The simplest combinators might not be that impressive. But the “glue” angle can have some handy results. Shah also covered on (psi), which to me is where the plumbing starts to pay off.

Say I have two lists of lists, and I want to see if across the lists every sublist has a matching sized sublist. So, for a = [[1], [2,3], [4,5,6]] and b = [[9], [8,7], [6,5,4]], we’d return true. We know we need to map(&:length) over each sublist, and then we need to == each length. (For simplicity these are pre-sorted lists.)

If I can accept some duplication, I can do something pretty clear²:

a.map(&:length) == b.map(&:length)
=> true

Hmm, any way I could spare myself needing to use map(&:length) twice? And how can a combinator help? Let me show you how the code looks when we use on (the psi combinator):

describe '#psi (on)' do
  let(:compare) do
    proc {|a, b|
      a == b
    }
  end
  let(:map_length) do
    proc {|a|
      a.map(&:length)
    }
  end
  it 'can be used to compare two items by intermediation' do
    a = [[1], [2,3], [4,5,6]]
    b = [[9], [8,7], [6,5,4]]
    sublist_lengths = compare.on.(map_length)
    expect(sublist_lengths.(a).(b)).to eq(true)
  end
end

And here’s psi itself:

def psi
  proc {|g,x,y|
    # \f g x y -> f(g x) (g y)
    self.(g.(x), g.(y))
  }.curry
end
alias :on :psi

So if we just replace the body of psi with how it is used, here’s an example of the pattern we caught in an abstraction:

compare.(map_length.(a), map_length.(b))

Exactly the prefix form of what we had originally! Not a huge size savings, but IMHO compare.on.(map_length) reads a lot better, and when I want to change the operation I’m doing to both lists, I only need to change one reference.

sublist_sums = compare.on.(map_sum)
sublist_sums.(a).(b)
=> false

Combinators glue functions together. In Ruby, that looks pretty weird (I think most Rubyists would agree) because we don’t deal in functions; we deal in methods. But in a language like Haskell, it is very natural. If we accept that modularity via function composition is a key improvement in our programming lives our programming language can give us, I think we have to admit something like Haskell might be strictly speaking better than something like Ruby.

If you’re curious to play with some of the (very) few Ruby combinators I wrote they’re on github.
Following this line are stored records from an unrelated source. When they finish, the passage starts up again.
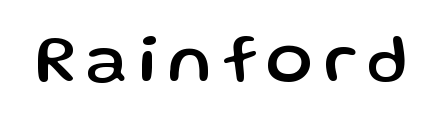
{"serif": "no", "italic": "no", "width": "normal", "stroke_contrast": "low", "x_height": "medium", "monospaced": "no", "underline": "no", "glyph_px": 69}
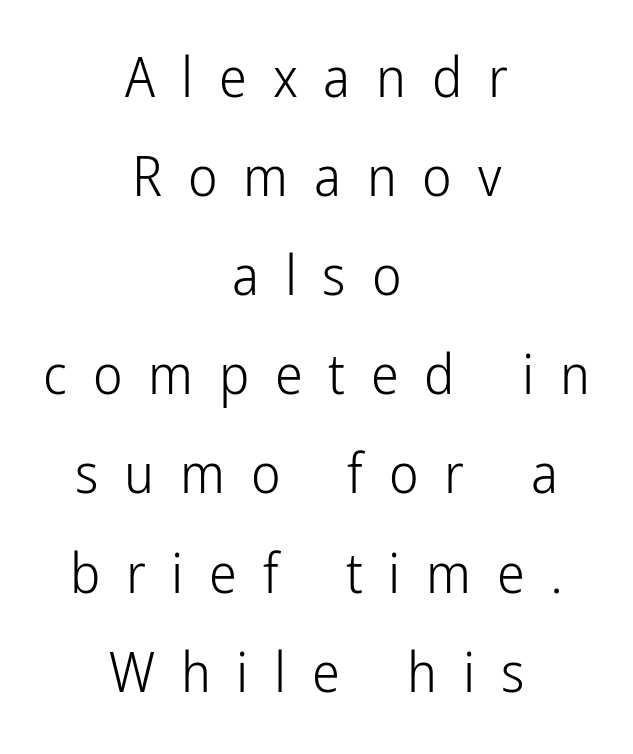
This sample uses a sans-serif face. This rendering features lettering with no underline. Short and long lines alike share a common midpoint. The font is comparable to plain body text, perhaps lighter. Note the varied advance widths — an 'i' is clearly narrower than an 'm'. In terms of letterspacing, this is a distinctly airy, spread setting.
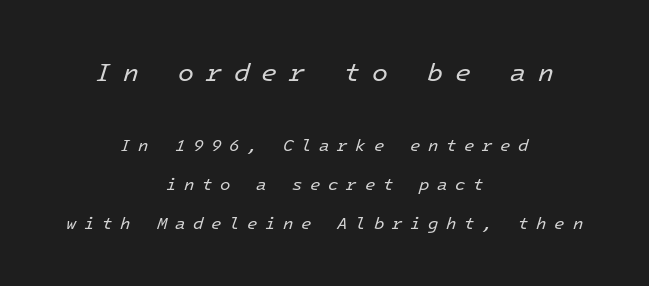
Q: Is the text bold? A: No.
Q: Is the text italic (slanted)? A: Yes, it leans right by about 16 degrees.
Q: Is the text underlined? A: No.
Q: How is the paragraph aligned? A: Centered.
Q: Is the spacing between letters normal or unusually wide? A: Unusually wide.
Q: Is the spacing between lines tight, normal or loose? A: Loose.
Q: Which block of text is set in a larger size, the first (top) or the second (bottom)? A: The first (top) one.
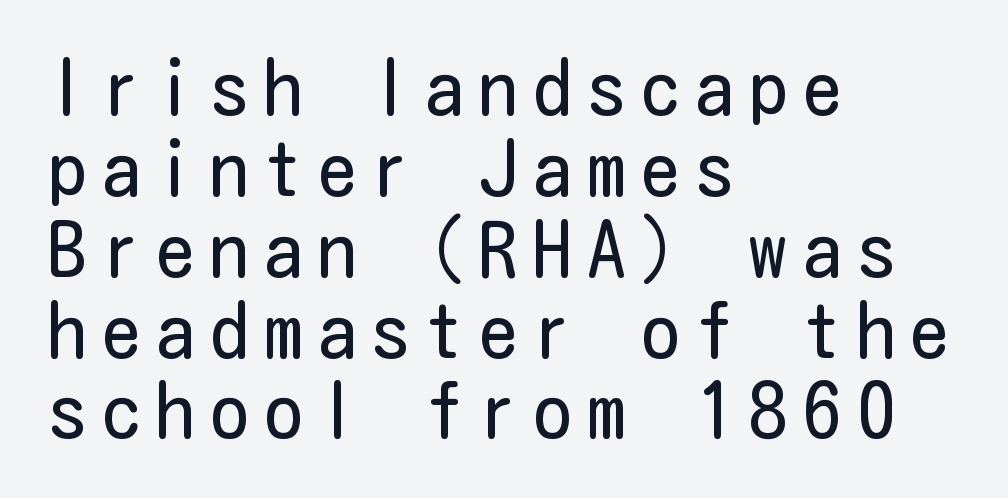
{"serif": "no", "italic": "no", "bold": "no", "weight": "regular", "width": "condensed", "stroke_contrast": "low", "x_height": "medium", "underline": "no", "align": "left", "line_spacing": "tight", "line_spacing_ratio": 1.05, "letter_spacing": "wide", "letter_spacing_em": 0.2, "glyph_px": 77}
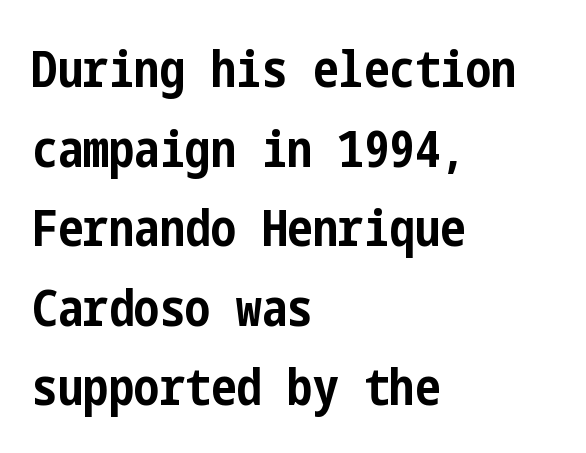
The image shows 51 px bold, condensed sans-serif type, upright; set left-aligned, normal line spacing (1.56x), normal letter spacing, not underlined; low stroke contrast and a medium x-height.
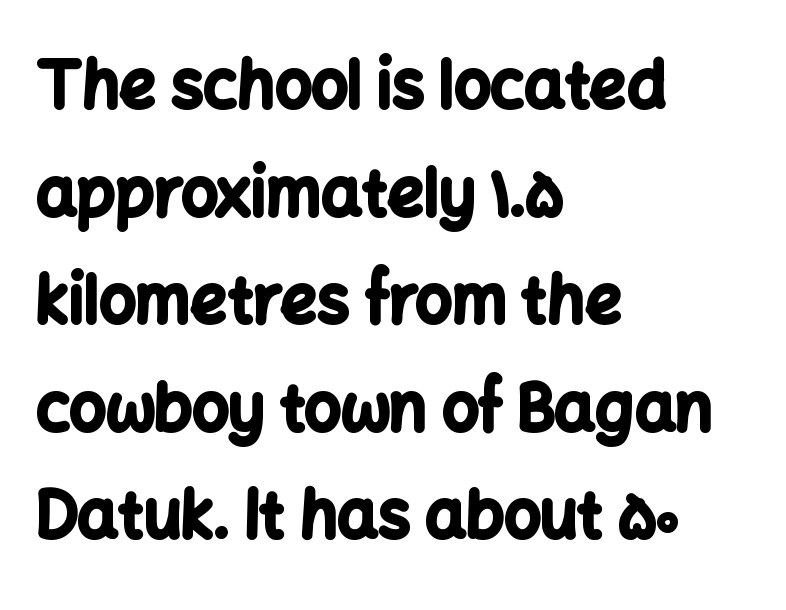
Q: Is the text bold? A: Yes.
Q: Is the text italic (slanted)? A: No, it is upright.
Q: Is the typeface a serif or a sans-serif typeface? A: Sans-serif.
Q: Is the text underlined? A: No.
Q: How is the paragraph aligned? A: Left-aligned.
Q: Is the spacing between letters normal or unusually wide? A: Normal.
Q: Is the spacing between lines tight, normal or loose? A: Normal.
Q: Width (condensed, normal, or wide)? A: Normal.
Q: Stroke contrast? A: Low.
Q: x-height? A: Medium.
Q: Monospaced? A: No.
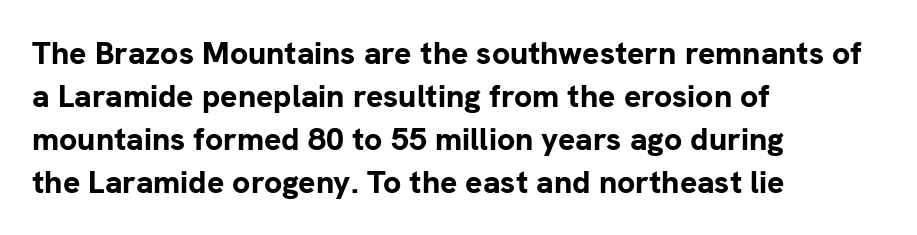
Q: Is the text bold? A: Yes.
Q: Is the text italic (slanted)? A: No, it is upright.
Q: Is the typeface a serif or a sans-serif typeface? A: Sans-serif.
Q: Is the text underlined? A: No.
Q: How is the paragraph aligned? A: Left-aligned.
Q: Is the spacing between letters normal or unusually wide? A: Normal.
Q: Is the spacing between lines tight, normal or loose? A: Normal.
Q: Width (condensed, normal, or wide)? A: Normal.
Q: Stroke contrast? A: Low.
Q: x-height? A: Medium.
Q: Monospaced? A: No.
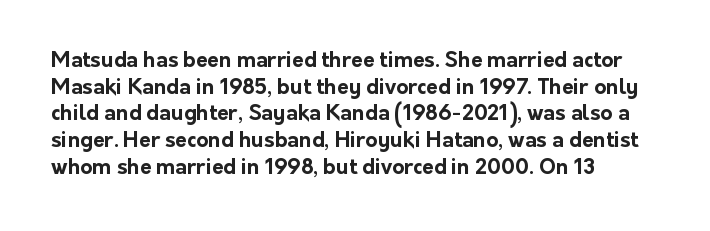
The image shows 21 px bold type, upright; set left-aligned, normal line spacing (1.27x), normal letter spacing, not underlined.
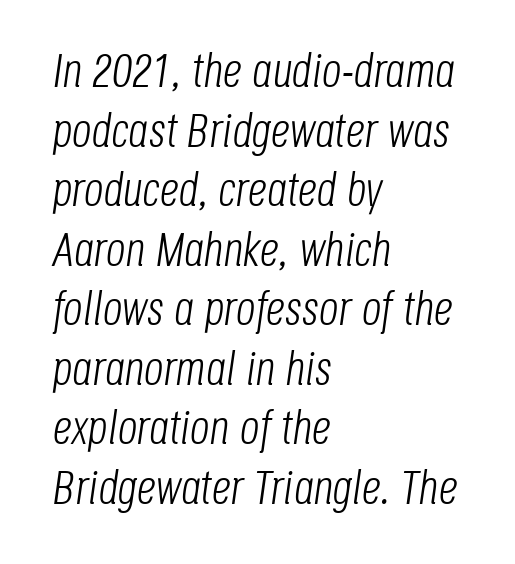
{"italic": "yes", "lean": "right", "slant_degrees": 8, "bold": "no", "weight": "light", "width": "condensed", "stroke_contrast": "low", "x_height": "large", "monospaced": "no", "underline": "no", "align": "left", "line_spacing_ratio": 1.24, "letter_spacing": "normal", "letter_spacing_em": 0.0, "glyph_px": 48}
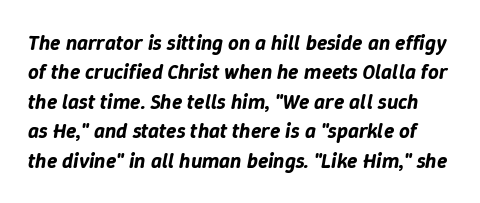
{"italic": "yes", "lean": "right", "slant_degrees": 9, "underline": "no", "line_spacing": "normal", "line_spacing_ratio": 1.4, "letter_spacing": "normal", "letter_spacing_em": 0.0, "glyph_px": 21}
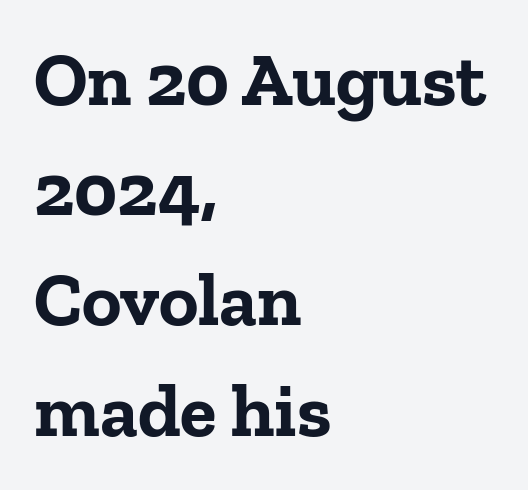
Q: Is the text bold? A: Yes.
Q: Is the text italic (slanted)? A: No, it is upright.
Q: Is the typeface a serif or a sans-serif typeface? A: Serif.
Q: Is the text underlined? A: No.
Q: How is the paragraph aligned? A: Left-aligned.
Q: Is the spacing between letters normal or unusually wide? A: Normal.
Q: Is the spacing between lines tight, normal or loose? A: Normal.
Q: Width (condensed, normal, or wide)? A: Normal.
Q: Stroke contrast? A: Low.
Q: x-height? A: Medium.
Q: Monospaced? A: No.
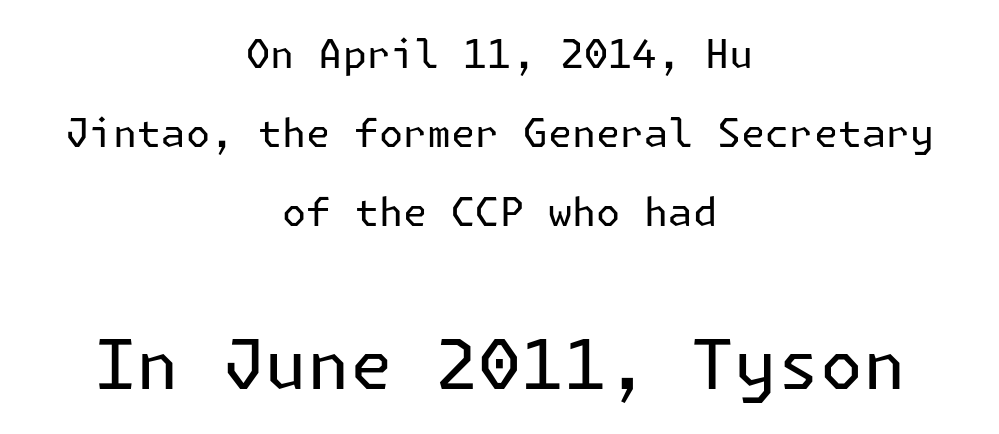
Q: Is the text bold? A: No.
Q: Is the text italic (slanted)? A: No, it is upright.
Q: Is the typeface a serif or a sans-serif typeface? A: Sans-serif.
Q: Is the text underlined? A: No.
Q: How is the paragraph aligned? A: Centered.
Q: Is the spacing between letters normal or unusually wide? A: Normal.
Q: Is the spacing between lines tight, normal or loose? A: Loose.
Q: Which block of text is set in a larger size, the first (top) or the second (bottom)? A: The second (bottom) one.
Q: Width (condensed, normal, or wide)? A: Normal.
Q: Stroke contrast? A: Low.
Q: x-height? A: Medium.
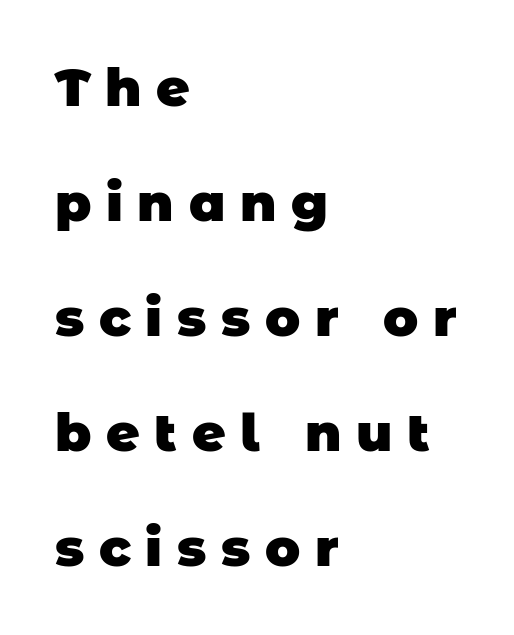
The image shows 52 px heavy sans-serif type; set left-aligned, loose line spacing (2.21x), unusually wide letter spacing (+0.28 em), not underlined; low stroke contrast and a large x-height.
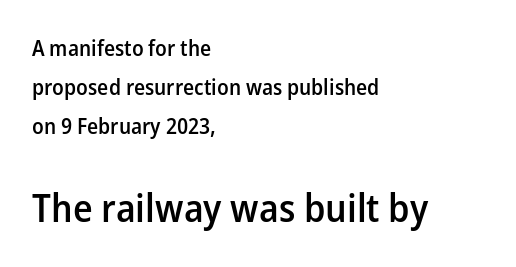
The image shows 39 px semibold sans-serif type, upright; set left-aligned, line spacing 1.77x, normal letter spacing, not underlined; the second (bottom) block is 1.77x larger; low stroke contrast and a medium x-height.
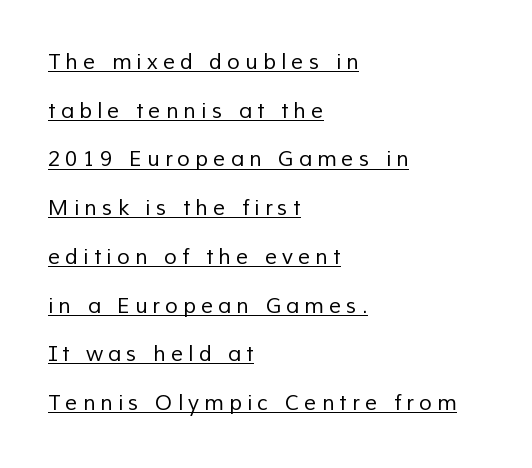
The image shows 21 px text type; set left-aligned, loose line spacing (2.32x), unusually wide letter spacing (+0.25 em), underlined.
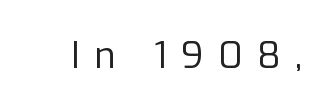
In terms of posture, this sample is upright. Compared with a typical body face, this is equally light or lighter still. Honestly, the letter spacing is so wide it's the main thing you notice. Regarding serifs, this sample does without them. The face used here is proportionally spaced, like ordinary book or web type. This rendering features lettering with no underline.
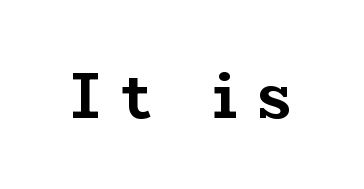
Thick stems and heavy bowls — unmistakably bold. Posture: straight, roman, zero tilt. Underline: absent. How are the letters spaced? Widely, with obvious added tracking. The passage shown is typeset with a serif family.
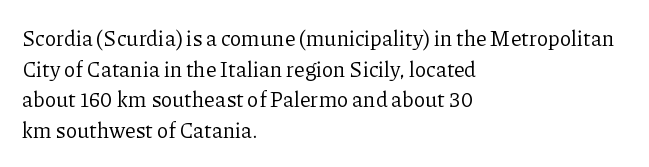
Q: Is the text bold? A: No.
Q: Is the text italic (slanted)? A: No, it is upright.
Q: Is the text underlined? A: No.
Q: How is the paragraph aligned? A: Left-aligned.
Q: Is the spacing between letters normal or unusually wide? A: Normal.
Q: Is the spacing between lines tight, normal or loose? A: Normal.
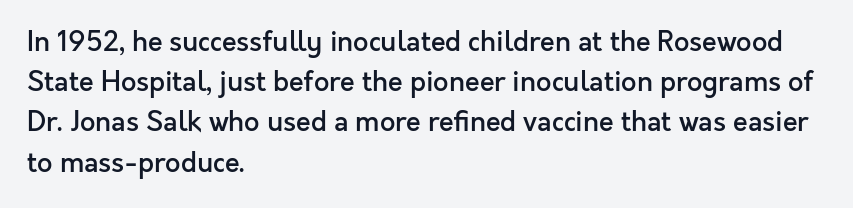
The paragraph has a hard left edge and a soft right edge. Nobody drew a line under any word here. Notice how descenders clear the ascenders below comfortably — that's standard leading. Its strokes are somewhat broadened, the hallmark of semibold type. The axis of the letterforms is exactly vertical. The letterforms sit shoulder to shoulder at normal distance.
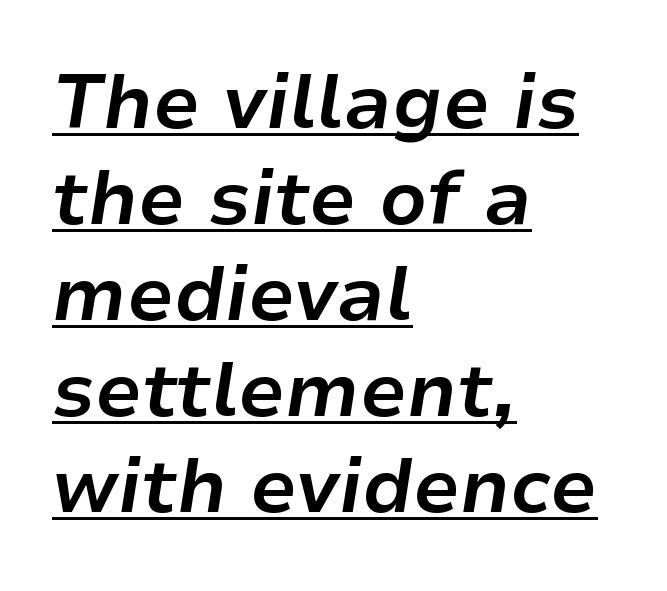
The image shows 75 px bold type, italic (leaning right); set left-aligned, normal line spacing (1.28x), normal letter spacing, underlined; low stroke contrast and a medium x-height.
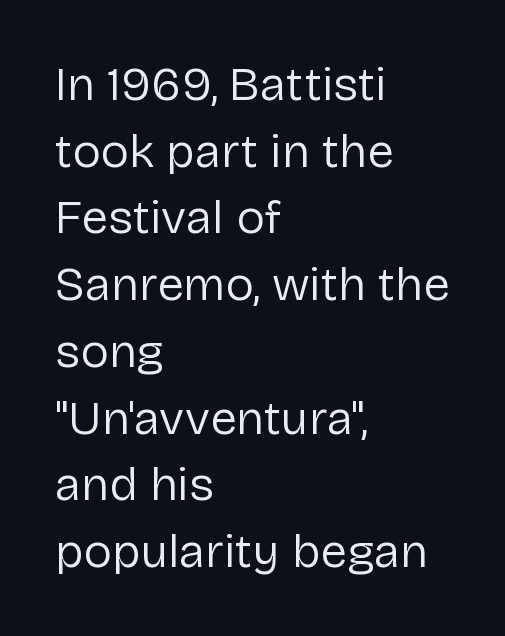
The image shows 48 px regular-weight sans-serif type, upright; set left-aligned, normal line spacing (1.39x), normal letter spacing, not underlined; low stroke contrast and a medium x-height.
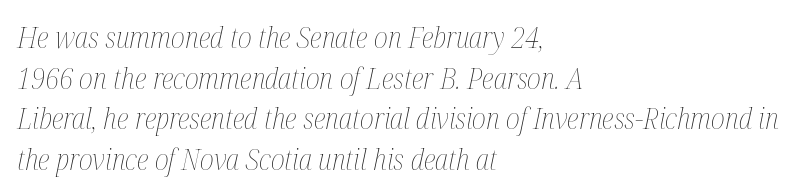
The image shows 29 px thin, condensed type, italic (leaning right); set left-aligned, normal line spacing (1.4x), normal letter spacing, not underlined; medium stroke contrast and a medium x-height.
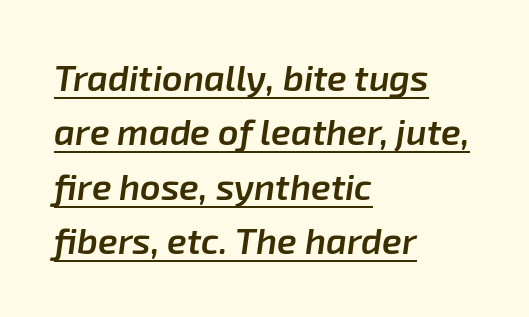
{"italic": "yes", "lean": "right", "slant_degrees": 8, "bold": "semi", "weight": "semibold", "width": "normal", "stroke_contrast": "low", "x_height": "medium", "monospaced": "no", "underline": "yes", "align": "left", "line_spacing": "normal", "line_spacing_ratio": 1.51, "letter_spacing": "normal", "letter_spacing_em": 0.0, "glyph_px": 36}
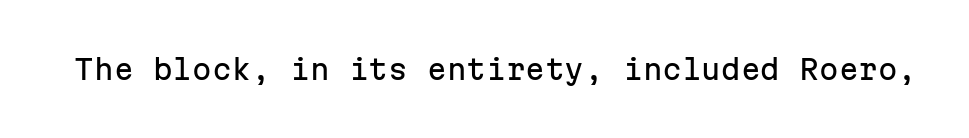
{"serif": "no", "italic": "no", "width": "normal", "stroke_contrast": "low", "x_height": "medium", "monospaced": "yes", "underline": "no", "letter_spacing": "normal", "letter_spacing_em": 0.0, "glyph_px": 28}
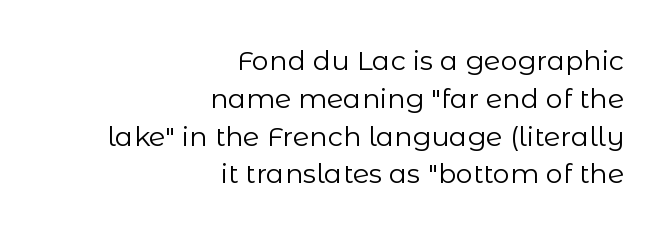
The image shows 27 px text type, upright; set right-aligned, normal line spacing (1.4x), normal letter spacing, not underlined.
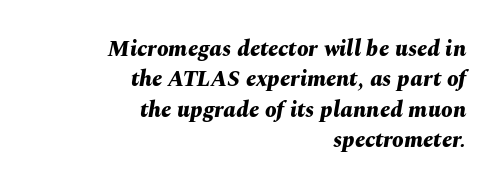
Plain, unruled lines of type. Plenty of ink on the page — the face is bold. Baseline-to-baseline distance is the conventional proportion of letter height. Each line ends at the same right margin while the left side varies. The letterforms sit shoulder to shoulder at normal distance. There's an unmistakable incline to the writing here.
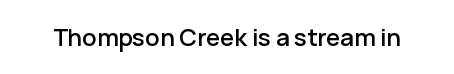
{"italic": "no", "underline": "no", "letter_spacing": "normal", "letter_spacing_em": 0.0, "glyph_px": 24}
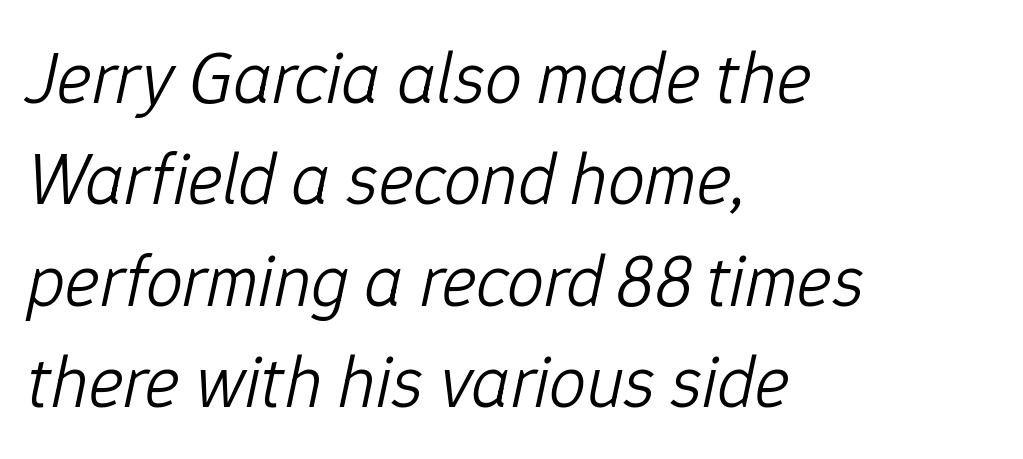
The image shows 74 px light type, italic (leaning right); set left-aligned, normal line spacing (1.37x), normal letter spacing, not underlined; low stroke contrast and a medium x-height.
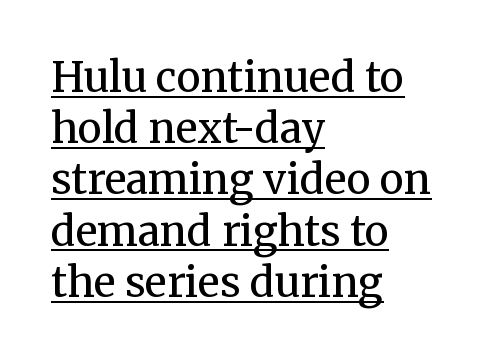
{"serif": "yes", "italic": "no", "bold": "no", "weight": "regular", "width": "normal", "stroke_contrast": "medium", "x_height": "medium", "monospaced": "no", "underline": "yes", "align": "left", "line_spacing": "normal", "line_spacing_ratio": 1.25, "letter_spacing": "normal", "letter_spacing_em": 0.0, "glyph_px": 41}

If you want to see a complete library, this Haskell aviary is super useful³.

Personally I wish refinements were more popular, because it’d help this a lot. ↩
If I don’t care about clarity, and I want chaining with no repetition I can do something hairy with zip: a.zip(b).collect {|e| e.map(&:length) }.map(&:uniq).all? {|e| e.size == 1 }. Bit of a mouthful eh? And do you follow exactly what I’m doing here, like, intent-wise? Here’s the play-by-play. ↩
The type signatures basically led me through what I needed to write. ↩